Looking at this map, the Canadian scientist could identify which trees were most important and discovered "that they were the biggest and oldest. We called them mother trees because we discovered that the younger ones growing around them fed on nutrients that the older ones passed through the mycorrhizal network.


It's a bit like a female breast-feeding," Simard continues. And not just the offspring of his own species. In another experiment, his team tagged mother trees with carbon isotopes so they could track these molecules and find out who they were feeding. The biologists observed that the relatives received more, but also sent food to the rest of the neighbours. "They try to create a favourable and healthy environment for the community to grow, so they provide it with nutrients," explains the scientist, who also leads the Mother Tree Project at her university. The huge canopies of these specimens rise above the others and collect the sun's energy to produce large amounts of glucose in their leaves and share it with those who have less access to sunlight and with the small newborn seedlings.


Do plants know how to recognize their neighbours? A recent experiment by Amanda Asay, a researcher on Simard's team at the University of British Columbia, suggests that they do. 


Asay planted three trees in a single pot, one larger and two young shoots, one of which came from a seed from the same mother as the large tree and the other from another region. Months later, there were more underground connections between the big one and his brother, to whom he transferred more nutrients than between the big one and the stranger. And what about those that are already just a patchy trunk without branches or leaves to make photosynthesis, and yet they are still alive? "We discovered that, in some cases, a neighbouring tree was passing nutrients and carbon to them. The forest takes care of its elders," says Asay.


Listening to these experts, could it be said that there are similarities between plant life and the emotional life of people? It seems like an exaggerated metaphor, but to some extent, yes: "There is a friendship between trees. It does not happen often, because they cannot choose beside whom they grow. Perhaps it happens to one in fifty. Look at these two, their roots are firmly intertwined, their branches do not overlap, so as not to take away the light," says Wohlleben in the documentary Intelligent Trees as he shows the camera two beautiful cedars. "If one dies, the one that is left suffers, gets sick and dies soon after.

The green friendship

Simard smiles when asked about green friendship: "In ecology, we call it interaction, although it's a rather clinical term. Plants collaborate, help each other, maintain mutualistic relationships. It's a question of language. In human terms, we would call that phenomenon friendship," he reflects.

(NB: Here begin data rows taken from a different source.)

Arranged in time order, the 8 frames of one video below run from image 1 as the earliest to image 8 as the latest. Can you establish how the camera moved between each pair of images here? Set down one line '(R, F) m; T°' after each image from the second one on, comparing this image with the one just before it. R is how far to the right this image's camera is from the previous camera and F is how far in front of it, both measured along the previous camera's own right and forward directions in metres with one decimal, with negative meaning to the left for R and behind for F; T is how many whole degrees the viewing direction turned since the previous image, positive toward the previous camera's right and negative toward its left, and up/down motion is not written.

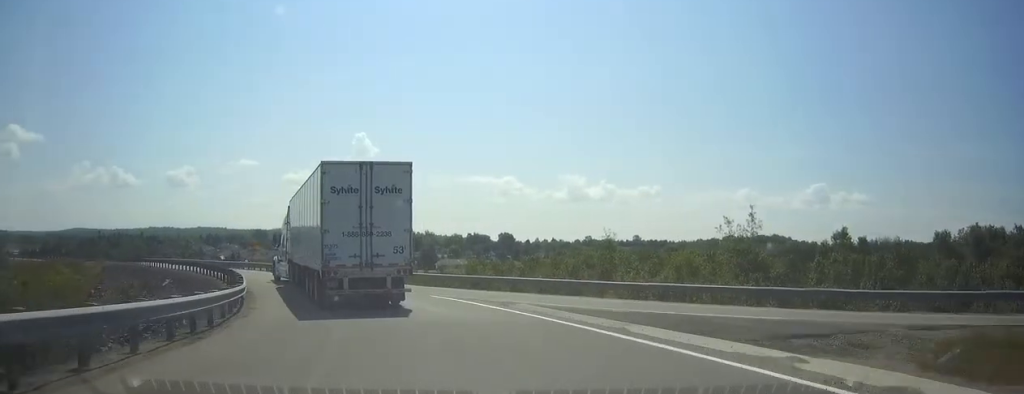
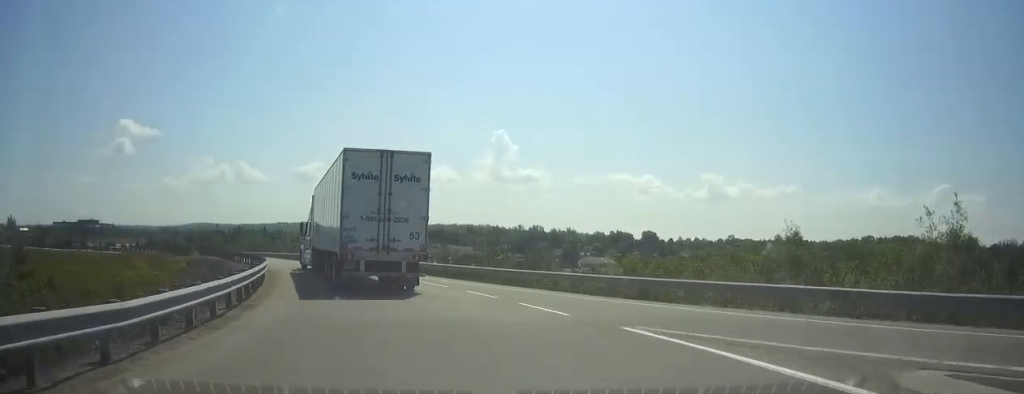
(-1.2, +13.8) m; -10°
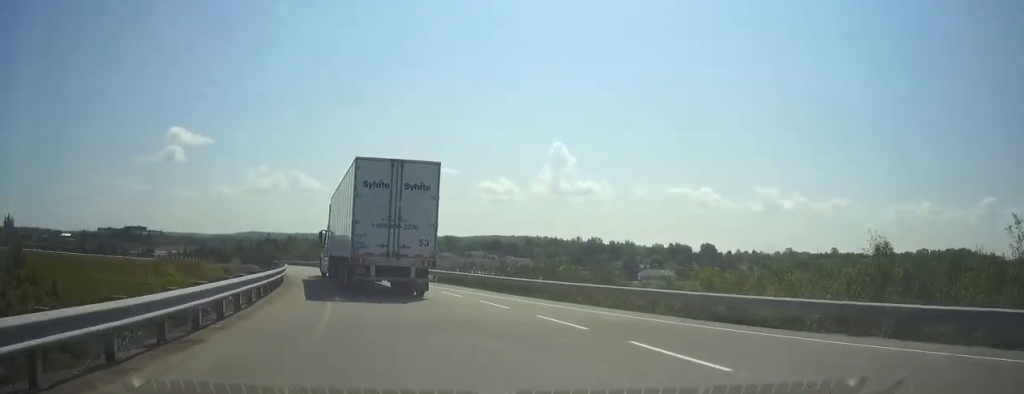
(-0.2, +6.1) m; -4°
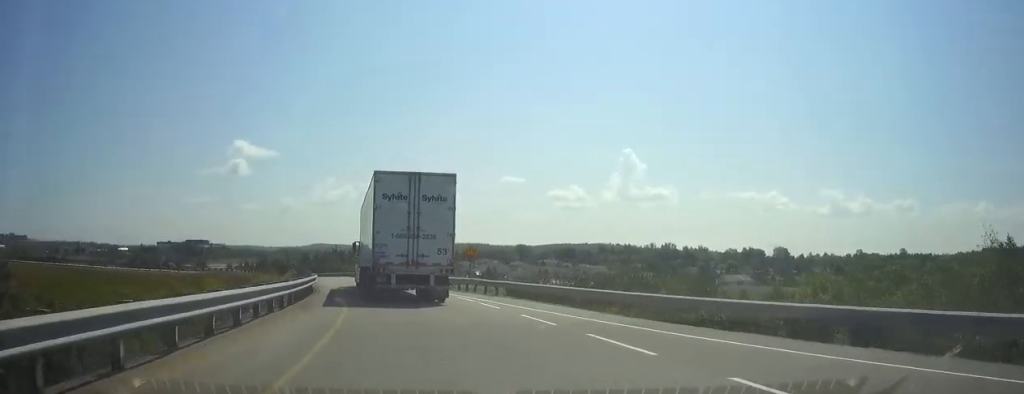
(-0.2, +8.1) m; -6°
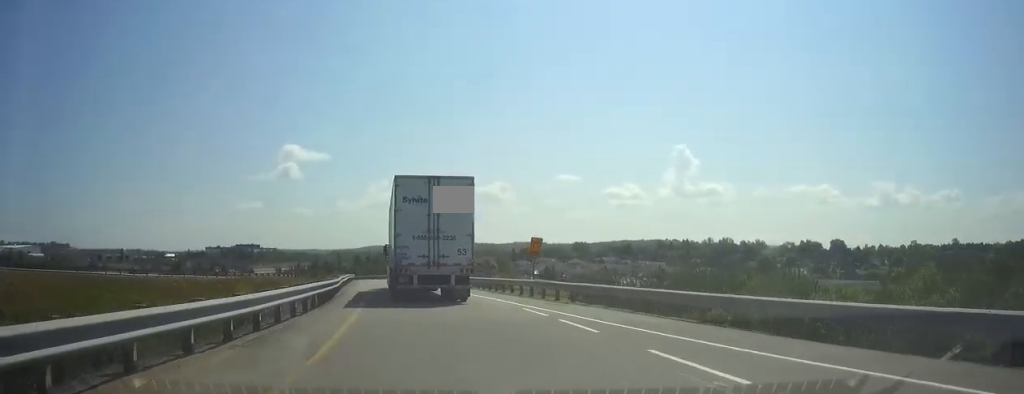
(-0.6, +7.8) m; -5°
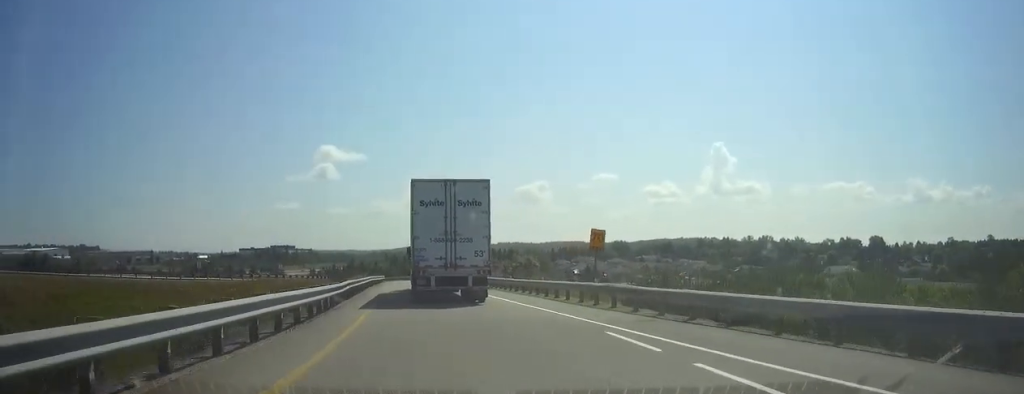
(-0.3, +6.9) m; -4°
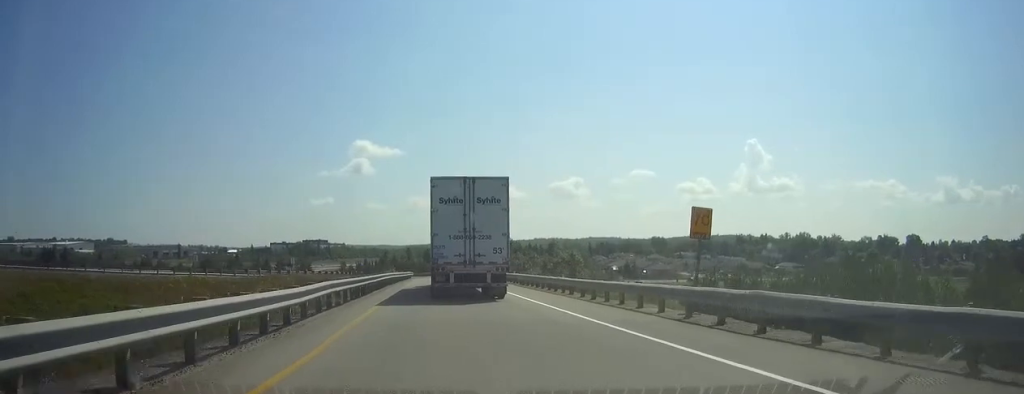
(-0.3, +8.7) m; -4°
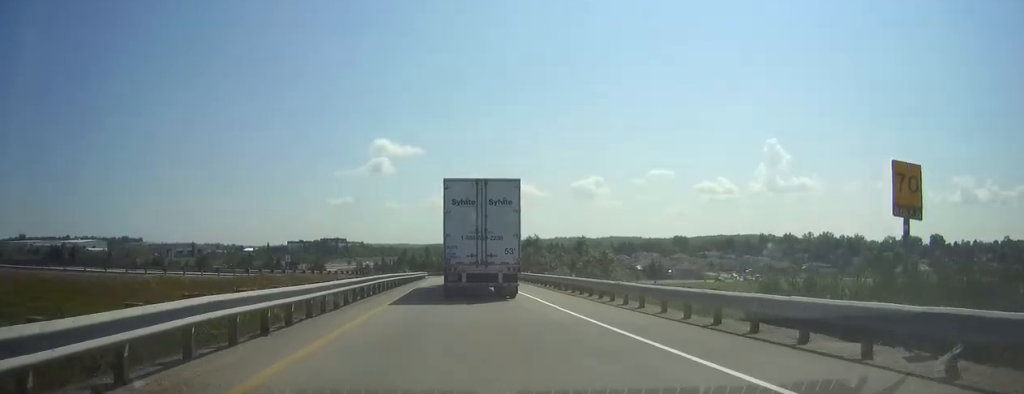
(-0.3, +9.1) m; -2°

In any case, the idea of the forest as a family of trees changes our perception and our way of treating them, according to Simard.

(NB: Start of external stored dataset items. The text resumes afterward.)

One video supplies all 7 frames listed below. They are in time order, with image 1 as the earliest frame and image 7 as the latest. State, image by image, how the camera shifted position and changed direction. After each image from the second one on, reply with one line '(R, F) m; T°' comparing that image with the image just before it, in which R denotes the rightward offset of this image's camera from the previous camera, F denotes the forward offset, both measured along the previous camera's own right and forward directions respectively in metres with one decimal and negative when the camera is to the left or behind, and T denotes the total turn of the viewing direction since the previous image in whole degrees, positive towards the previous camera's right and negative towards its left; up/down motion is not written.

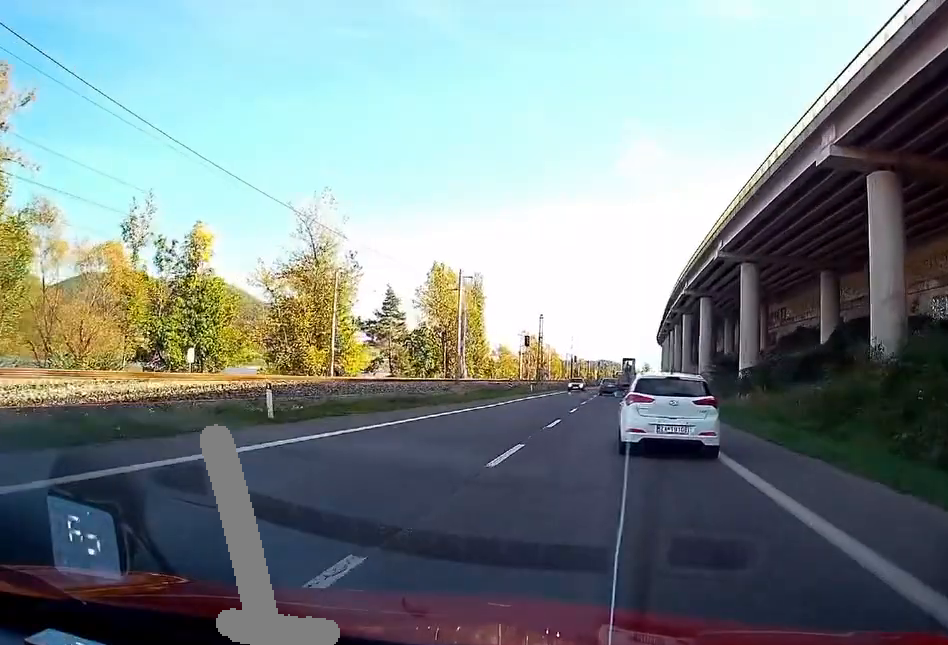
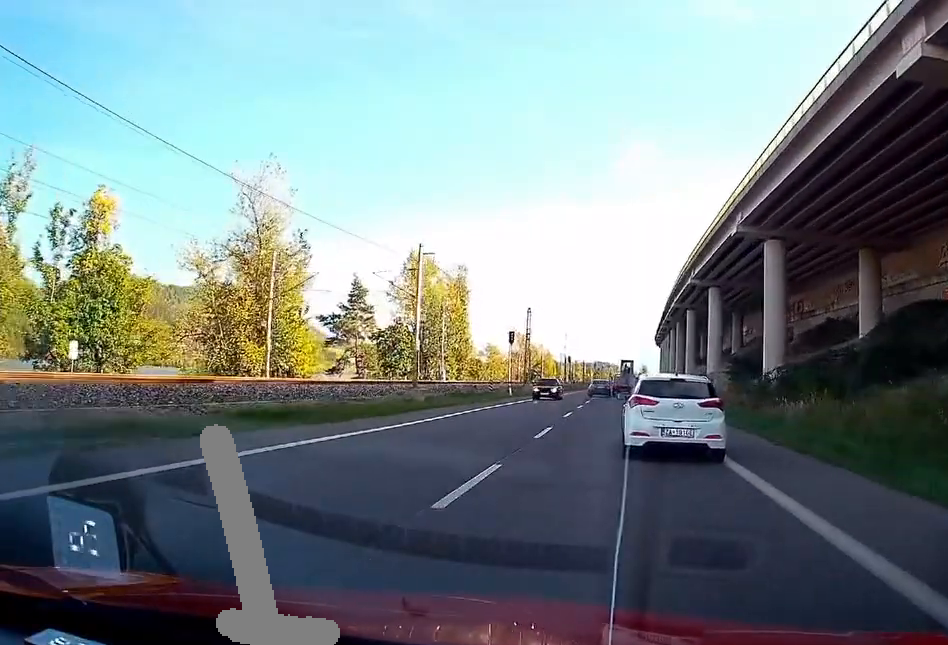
(0.0, +12.1) m; -1°
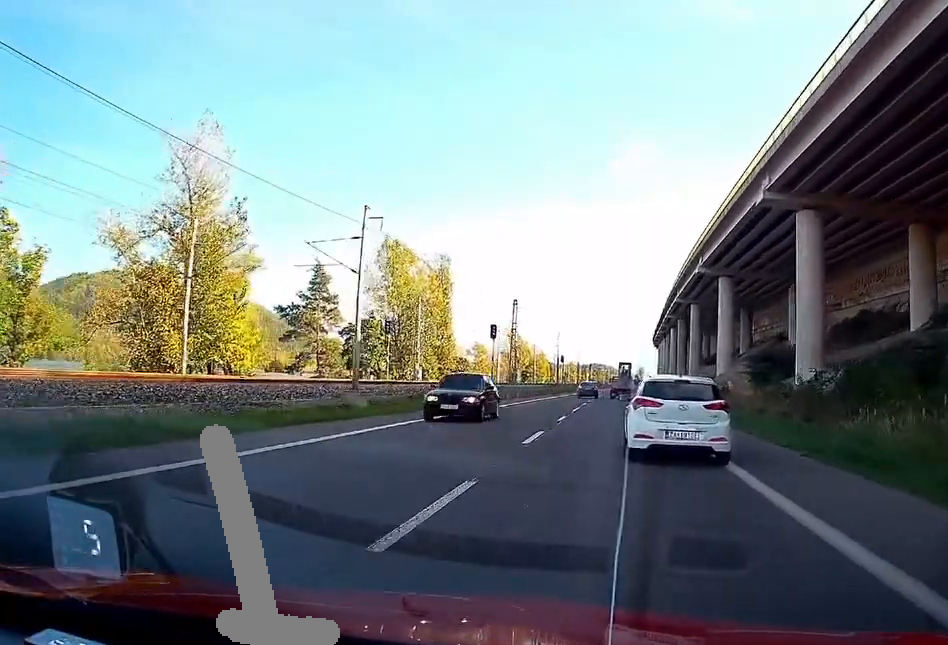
(-0.1, +10.8) m; 0°
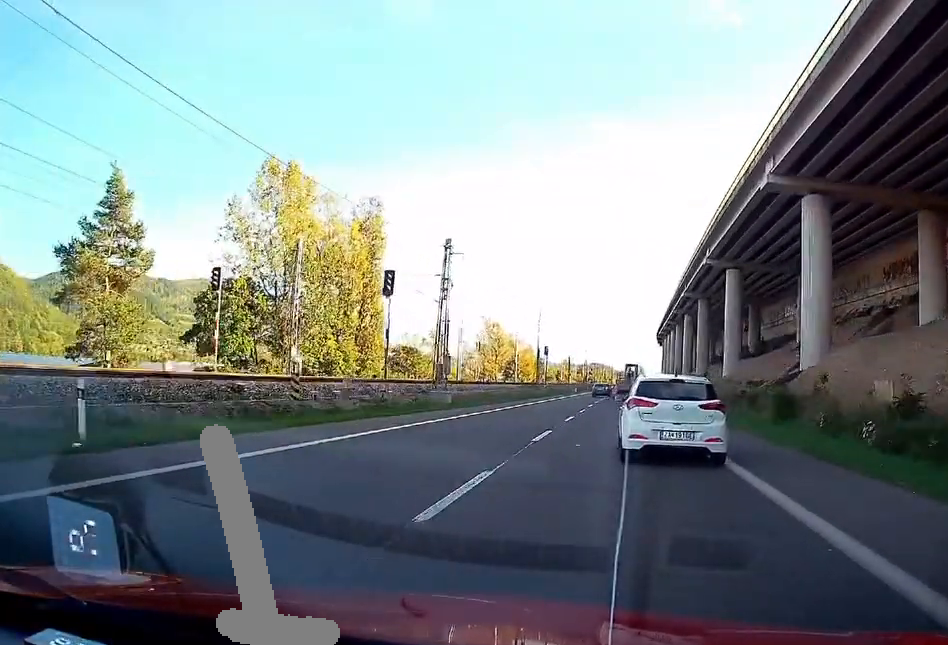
(+1.0, +35.2) m; +3°
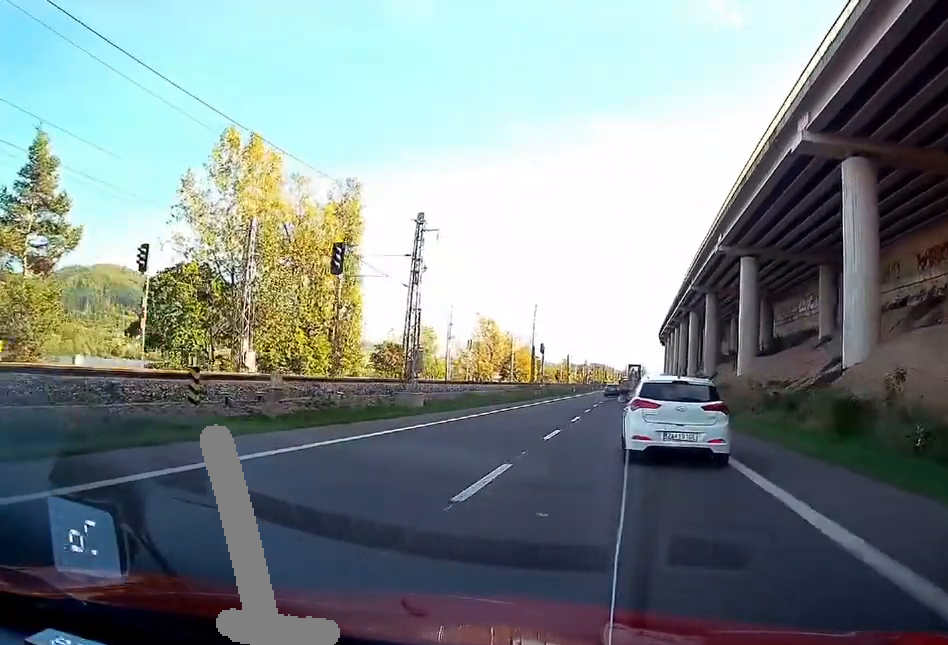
(+0.3, +7.9) m; 0°
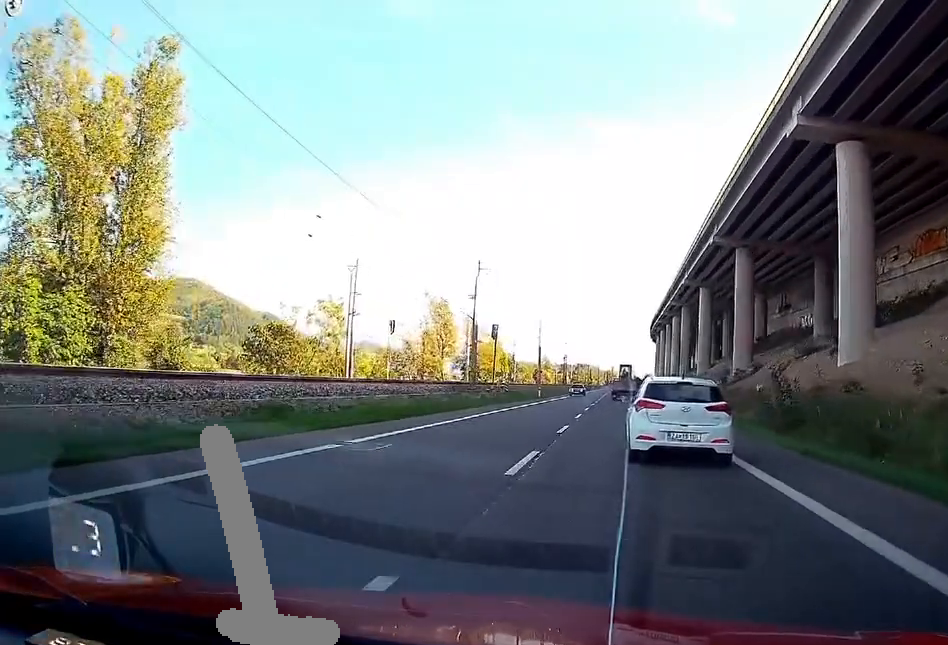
(-3.4, +32.3) m; -4°
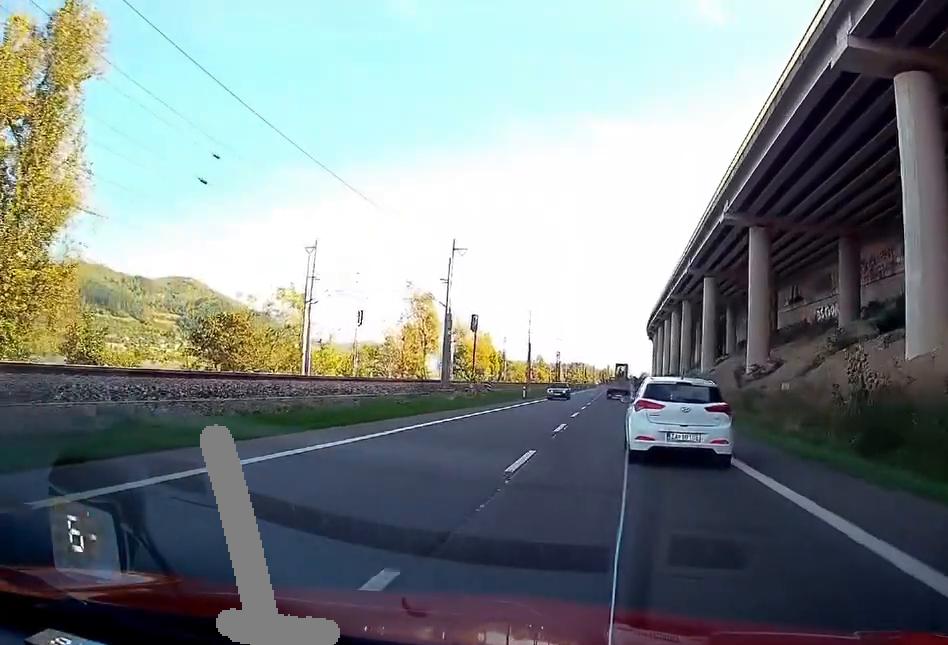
(+0.6, +8.4) m; 0°

Among her research projects is investigating how to strengthen forests to deal with climate change. In an article published in 2018 in the New Phytologist magazine, he highlights the importance of so-called host receptivity, that is, the ability of a tree species to associate with a large number of mycorrhizal fungi species. According to Marañón, "the most promiscuous trees had the highest rate of northward expansion after the last glaciation.


Simard continues to search for ways of collaboration between humans and trees from which we both benefit. He has found a new dimension to the word ecosystem and has taught us that, in its own way, the forest has a huge brain that functions underground. For his part, Wohlleben calls attention to the problem of uncontrolled logging. In his opinion, the alternative is to make friendly management of the forest, which allows the trees to satisfy their social needs and pass on "their knowledge to the next generation. At least some should be allowed to age with dignity and die a natural death.